## 九州大学学術情報リポジトリ Kyushu University Institutional Repository

# Simultaneous optimization of memory configuration and code allocation for low power embedded systems

Matsumura, Tadayuki

Graduate School of Information Science and Electric Engineering, Kyushu University

Ishihara, Tohru System LSI Research Center, Kyushu University

Yasuura, Hiroto

Faculty of Information Science and Electric Engineering, Kyushu University

https://hdl.handle.net/2324/10569

出版情報: Proceedings of the 18th ACM Great Lakes symposium on VLSI, pp.403-406, 2008-05. Association for Computing Machinery

バージョン: 権利関係:



# Simultaneous Optimization of Memory Configuration and Code Allocation for Low Power Embedded Systems

Tadayuki Matsumura<sup>1</sup>

Tohru Ishihara<sup>2</sup>

Hiroto Yasuura<sup>3</sup>

<sup>1</sup>Graduate School of Information Science and Electric Engineering, Kyushu University
<sup>2</sup> System LSI Research Center, Kyushu University

<sup>3</sup> Faculty of Information Science and Electric Engineering, Kyushu University {matsumura,yasuura}@c.csce.kyushu-u.ac.jp ishihara@slrc.kyushu-u.ac.jp

#### **ABSTRACT**

This paper proposes a hybrid memory architecture which consists of the following two regions; 1) a dynamic power conscious region which uses low  $V_{dd}$  and  $V_{th}$  and 2) a static power conscious region which uses high  $V_{dd}$  and  $V_{th}$ . This paper also proposes an optimization problem for finding the optimal memory division ratio, the code allocation,  $\beta ratio$  and  $V_{dd}$  so as to minimize the total power consumption of the memory under constraints of static noise margin (SNM), memory access delay and area overhead. Experimental results demonstrate that the total power consumption can be reduced by 50.8% with 7.7% memory array area overhead without degradations of SNM and access delay.
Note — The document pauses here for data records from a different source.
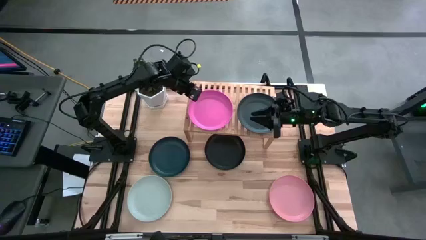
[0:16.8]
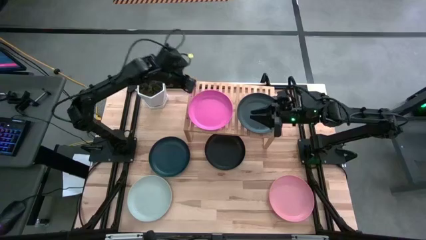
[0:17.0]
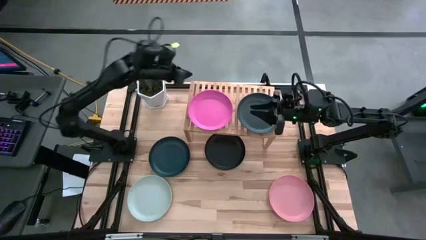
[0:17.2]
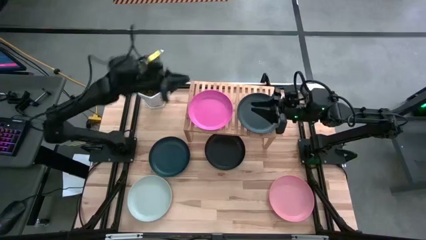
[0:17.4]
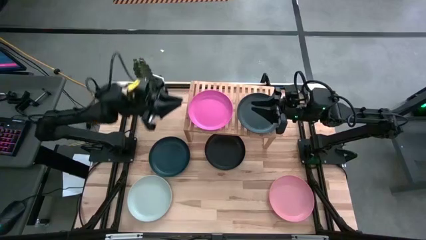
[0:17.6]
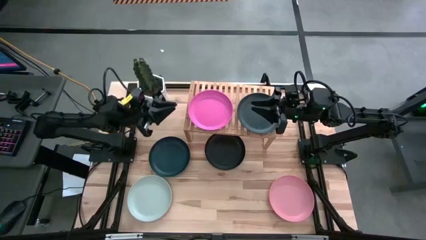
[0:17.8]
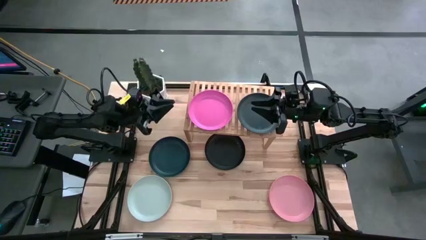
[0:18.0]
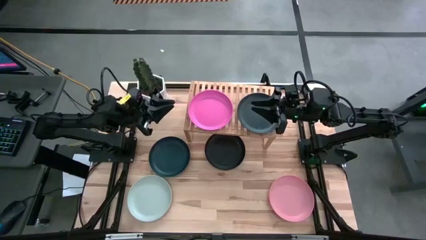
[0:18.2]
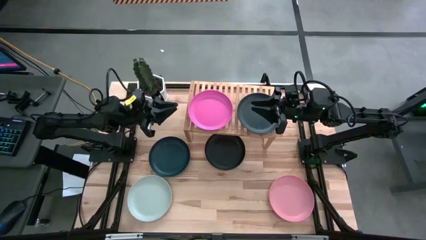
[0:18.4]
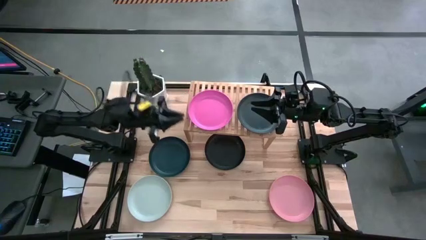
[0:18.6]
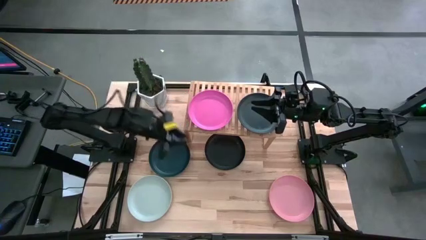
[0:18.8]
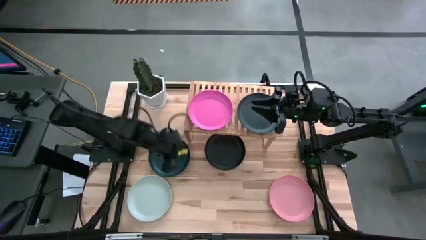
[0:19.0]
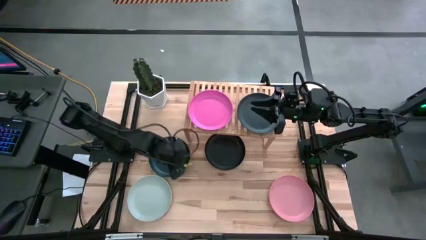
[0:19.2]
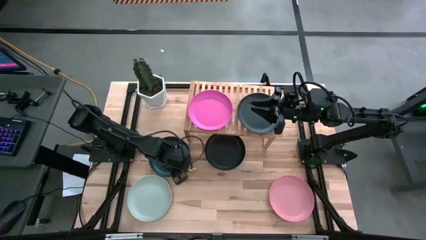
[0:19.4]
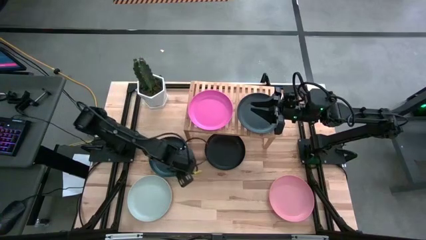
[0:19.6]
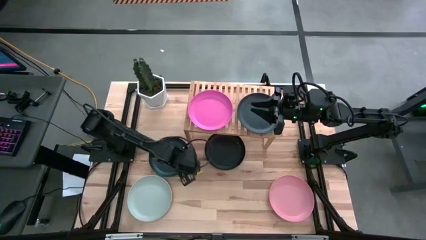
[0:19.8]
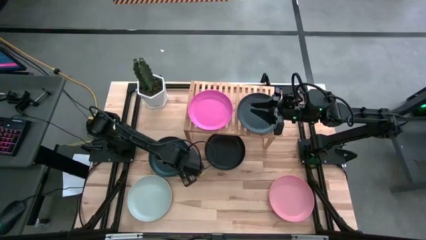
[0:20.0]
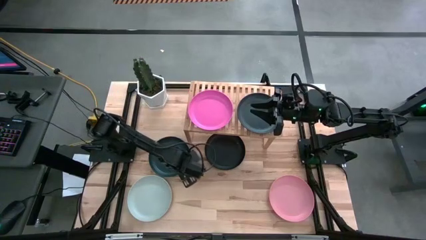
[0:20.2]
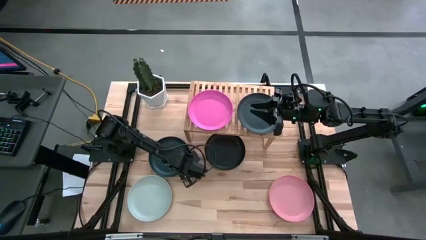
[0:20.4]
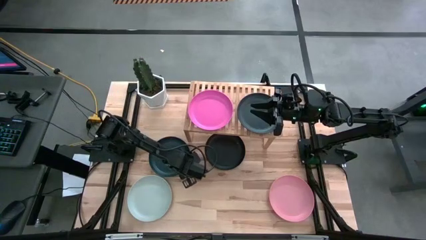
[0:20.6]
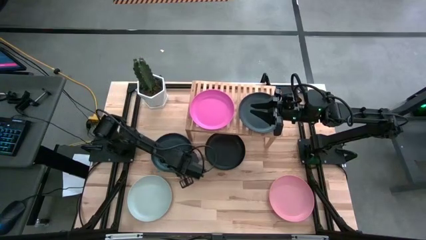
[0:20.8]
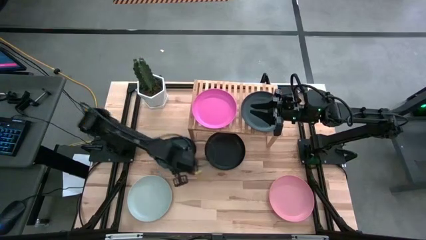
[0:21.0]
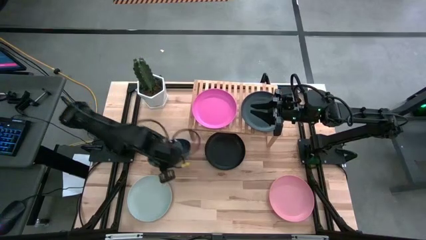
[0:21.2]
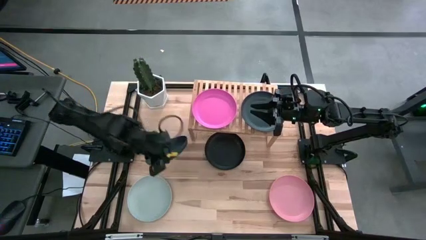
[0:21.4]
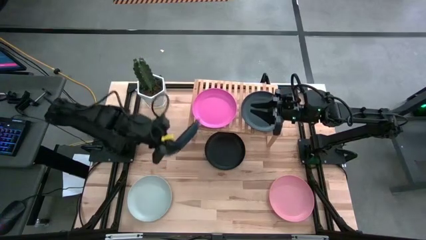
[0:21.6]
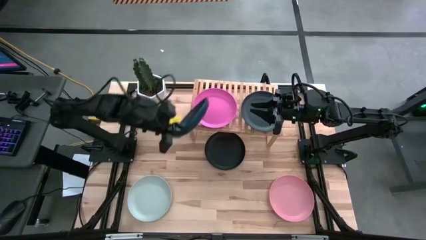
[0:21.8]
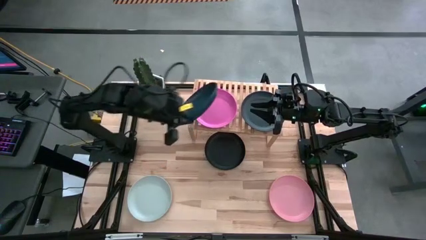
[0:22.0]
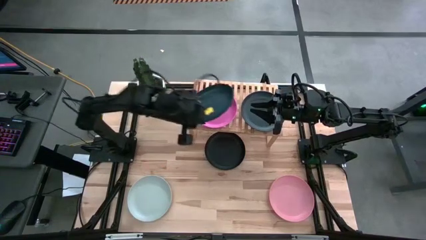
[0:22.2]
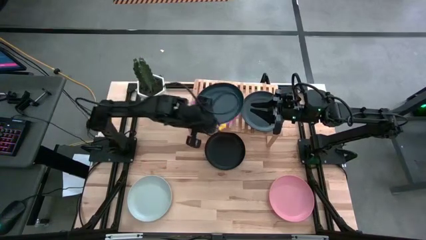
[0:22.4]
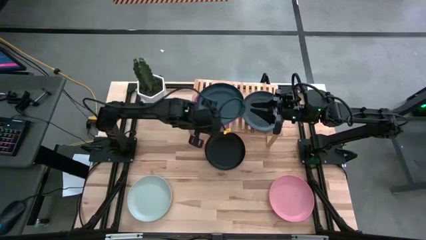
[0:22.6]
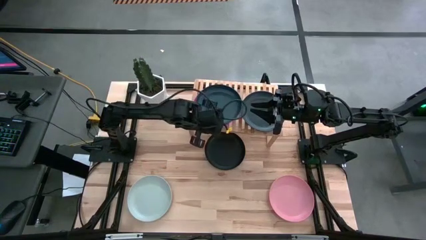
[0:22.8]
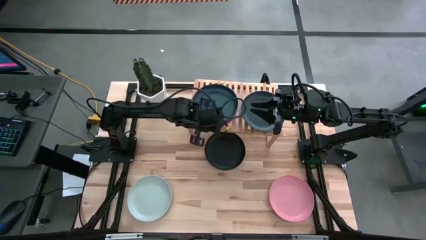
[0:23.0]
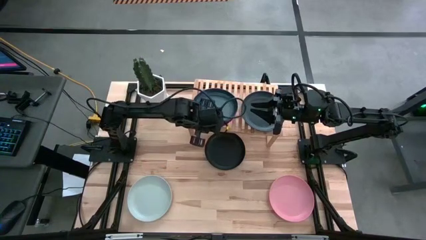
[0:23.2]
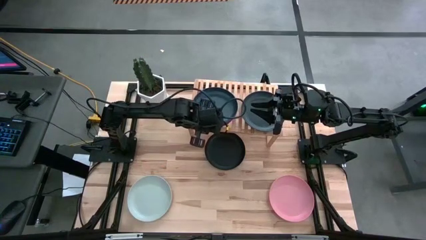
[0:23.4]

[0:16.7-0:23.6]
Task: Place and stack plates onto a shelf
Stack the dark blue plate on top of the pink plate on the shelf

#### **Categories and Subject Descriptors**

B.3 [MEMORY STRUCTURES]: General

#### **General Terms**

Experimentation

#### **Keywords**

Low power design, On-chip memory, code allocation

### 1. INTRODUCTION

Low power design is one of the most important criteria for today's circuit designers. Power consumption is divided into two components, dynamic power consumption and static power consumption. Since the dynamic power consumption depends on  $V_{dd}$  quadratically, the dynamic power consumption can be reduced drastically by lowering  $V_{dd}$ . However, lowering the  $V_{dd}$  causes an increase of the delay which degrades the entire synchronous processor performance. To keep the processor performance, designers have to lower the  $V_{th}$  as well. However in deep sub-micron technology, this causes an exponential increase in subthreshold leakage power consumption [1]. Because of above reasons, it

Permission to make digital or hard copies of all or part of this work for personal or classroom use is granted without fee provided that copies are not made or distributed for profit or commercial advantage and that copies bear this notice and the full citation on the first page. To copy otherwise, to republish, to post on servers or to redistribute to lists, requires prior specific permission and/or a fee.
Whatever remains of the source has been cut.